You may obtain a copy of the License at
http://www.apache.org/licenses/LICENSE-2.0
Unless required by applicable law or agreed to in writing, software
distributed under the License is distributed on an "AS IS" BASIS,
WITHOUT WARRANTIES OR CONDITIONS OF ANY KIND, either express or implied.
See the License for the specific language governing permissions and
limitations under the License.
==============================================================================*/
#ifndef TENSORFLOW_LITE_MICRO_KERNELS_TESTDATA_LSTM_TEST_DATA_H_
#define TENSORFLOW_LITE_MICRO_KERNELS_TESTDATA_LSTM_TEST_DATA_H_
#include <string>
#include "tensorflow/lite/c/common.h"
#include "tensorflow/lite/kernels/internal/portable_tensor_utils.h"
#include "tensorflow/lite/micro/kernels/lstm_shared.h"
#include "tensorflow/lite/micro/test_helpers.h"
namespace tflite {
namespace testing {
// Data structure to store all the data used to check output of internal gates
// of one time step
// input_size = batch_size*input_dimension (size of the input array)
// gate_output_size = batch_size*state_dimension (size of the gate output)
template <int input_size, int gate_output_size>
struct GateOutputCheckData {
float input_data[input_size];
float hidden_state[gate_output_size];
float cell_state[gate_output_size];
float expected_forget_gate_output[gate_output_size];
float expected_input_gate_output[gate_output_size];
float expected_output_gate_output[gate_output_size];
float expected_cell_gate_output[gate_output_size];
float expected_updated_cell[gate_output_size];
float expected_updated_hidden[gate_output_size];
};
// Data structure to store all the data used to check the output of the kernel
// of multiple batch, multiple timesteps
// input_size = batch_size*time_steps*input_dimension (size of the input array)
// gate_output_size = batch_size*state_dimension (size of the gate output)
// output_size = time_steps*gate_output_size (size of the output from the
// kernel)
template <int input_size, int gate_output_size, int output_size>
struct LstmEvalCheckData {
float input_data[input_size];
float hidden_state[gate_output_size];
float expected_output[output_size];
float expected_hidden_state[gate_output_size];
float expected_cell_state[gate_output_size];
};
// Struct that holds the weight/bias information for a standard gate (i.e. no
// modification such as layer normalization, peephole, etc.)
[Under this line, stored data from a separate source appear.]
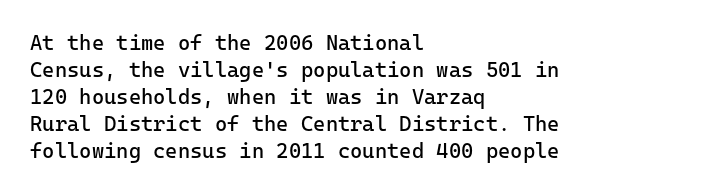
Q: Is the text bold? A: No.
Q: Is the text italic (slanted)? A: No, it is upright.
Q: Is the text underlined? A: No.
Q: How is the paragraph aligned? A: Left-aligned.
Q: Is the spacing between letters normal or unusually wide? A: Normal.
Q: Is the spacing between lines tight, normal or loose? A: Normal.
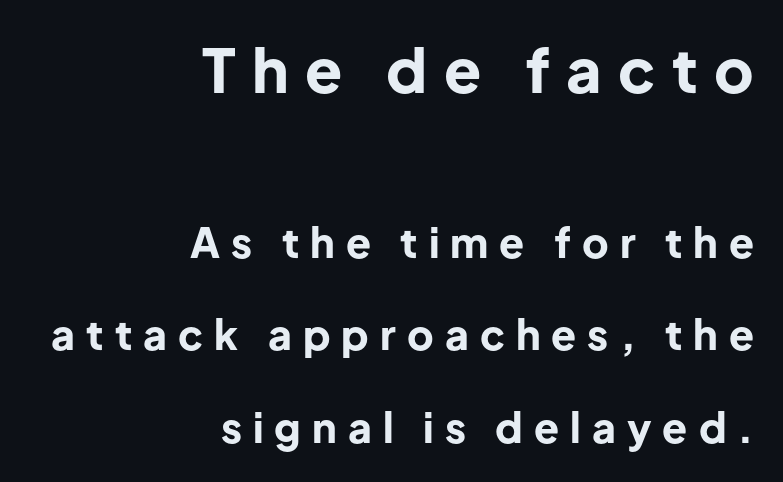
{"serif": "no", "italic": "no", "bold": "yes", "weight": "bold", "width": "normal", "stroke_contrast": "low", "x_height": "medium", "monospaced": "no", "underline": "no", "align": "right", "line_spacing": "loose", "line_spacing_ratio": 2.25, "letter_spacing": "wide", "letter_spacing_em": 0.27, "larger_block": "first", "size_ratio": 1.49, "glyph_px": 61}
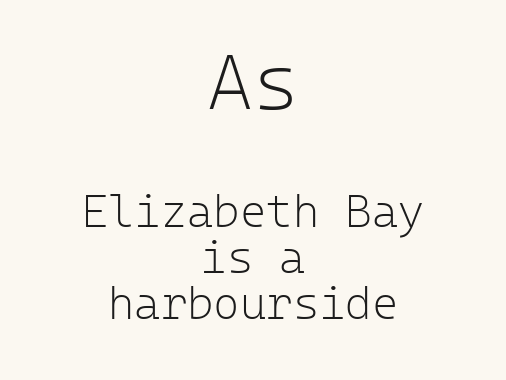
No italicization has been applied; the sample stays upright. Caption: upper text group enlarged, lower text group reduced. Here the designer chose a console-style face with uniform glyph widths. The text block is weighted toward neither margin, spreading evenly from the middle. Are there feet on the stems? There aren't — it's a sans.
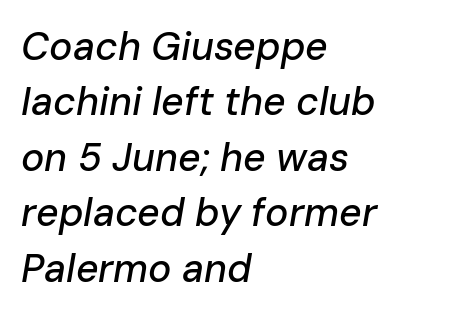
{"italic": "yes", "lean": "right", "slant_degrees": 10, "width": "normal", "stroke_contrast": "low", "x_height": "medium", "monospaced": "no", "underline": "no", "align": "left", "line_spacing": "normal", "line_spacing_ratio": 1.42, "letter_spacing": "normal", "letter_spacing_em": 0.0, "glyph_px": 39}
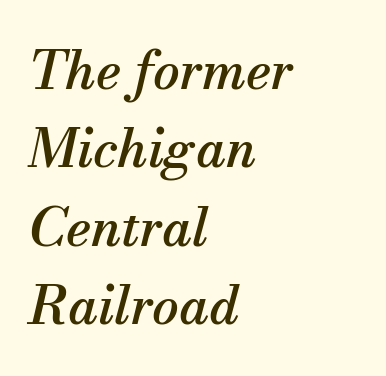
{"serif": "yes", "italic": "yes", "lean": "right", "slant_degrees": 13, "width": "normal", "stroke_contrast": "medium", "x_height": "small", "monospaced": "no", "underline": "no", "align": "left", "line_spacing": "normal", "line_spacing_ratio": 1.48, "letter_spacing": "normal", "letter_spacing_em": 0.0, "glyph_px": 53}
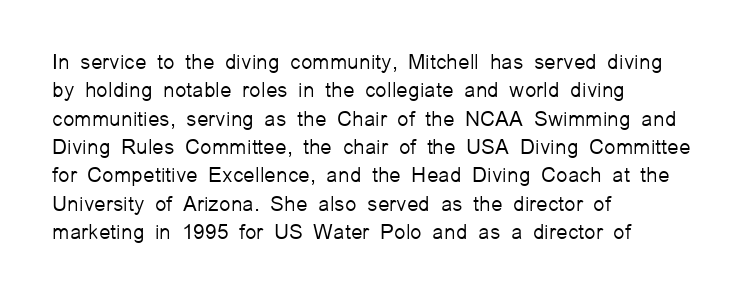
Q: Is the text bold? A: No.
Q: Is the text italic (slanted)? A: No, it is upright.
Q: Is the text underlined? A: No.
Q: How is the paragraph aligned? A: Left-aligned.
Q: Is the spacing between letters normal or unusually wide? A: Normal.
Q: Is the spacing between lines tight, normal or loose? A: Normal.
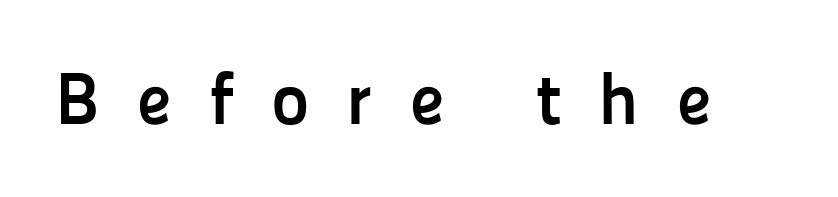
{"serif": "no", "italic": "no", "bold": "yes", "weight": "semibold", "width": "normal", "stroke_contrast": "low", "x_height": "medium", "monospaced": "no", "underline": "no", "letter_spacing": "wide", "letter_spacing_em": 0.5, "glyph_px": 73}
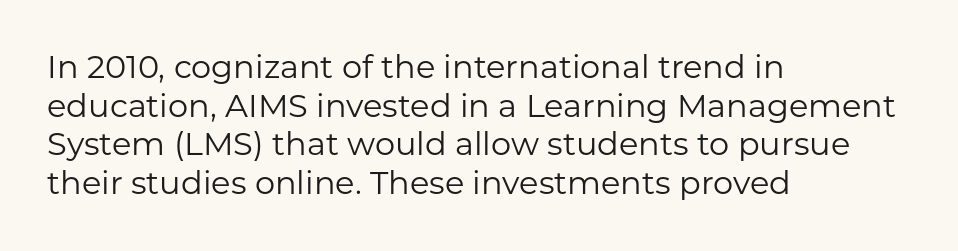
The image shows 32 px regular-weight sans-serif type, upright; set left-aligned, line spacing 1.21x, normal letter spacing, not underlined; low stroke contrast and a medium x-height.

// Every gate is defined by the type and size of the weights (bias included)
// inside.
// Specifically, types are weight type and bias type (normally the same
// type of MatMul accumulator).
// activation_weight has shape (hidden state dimension * input tensor dimension)
// recurrent_weight has shape (hidden state dimension * hidden state dimension)
// bias has shape (hidden state dimension, 1)
template <typename WeightType, typename BiasType, int input_dimension,
int state_dimension>
struct GateData {
WeightType activation_weight[state_dimension * input_dimension];
WeightType recurrent_weight[state_dimension * state_dimension];
BiasType fused_bias[state_dimension];
// Quantized model folded the zero point of activations into biases:
// bias + zero_point * weight.
// Note: folded bias is only required for the legacy 8x8->16 pass. Therefore
// the data type is fixed here to avoid compilation errors (the computation of
// folding does not support other types)
int32_t activation_zp_folded_bias[state_dimension];
int32_t recurrent_zp_folded_bias[state_dimension];
};
// A struct that holds quantization parameters for a LSTM Tensor
struct TensorQuantizationParameters {
double scale;
int zero_point;
bool symmetry;
};
// A struct that holds quantization parameters for an internal gate, which is
// defined by activation/recurrent weight and bias (assuming no internal layer
// normalization)
struct GateQuantizationParameters {
TensorQuantizationParameters activation_weight;
TensorQuantizationParameters recurrent_weight;
TensorQuantizationParameters bias;
};
// A struct that holds the quantization settings for the LSTM node. Data
// members can be grouped into five parts.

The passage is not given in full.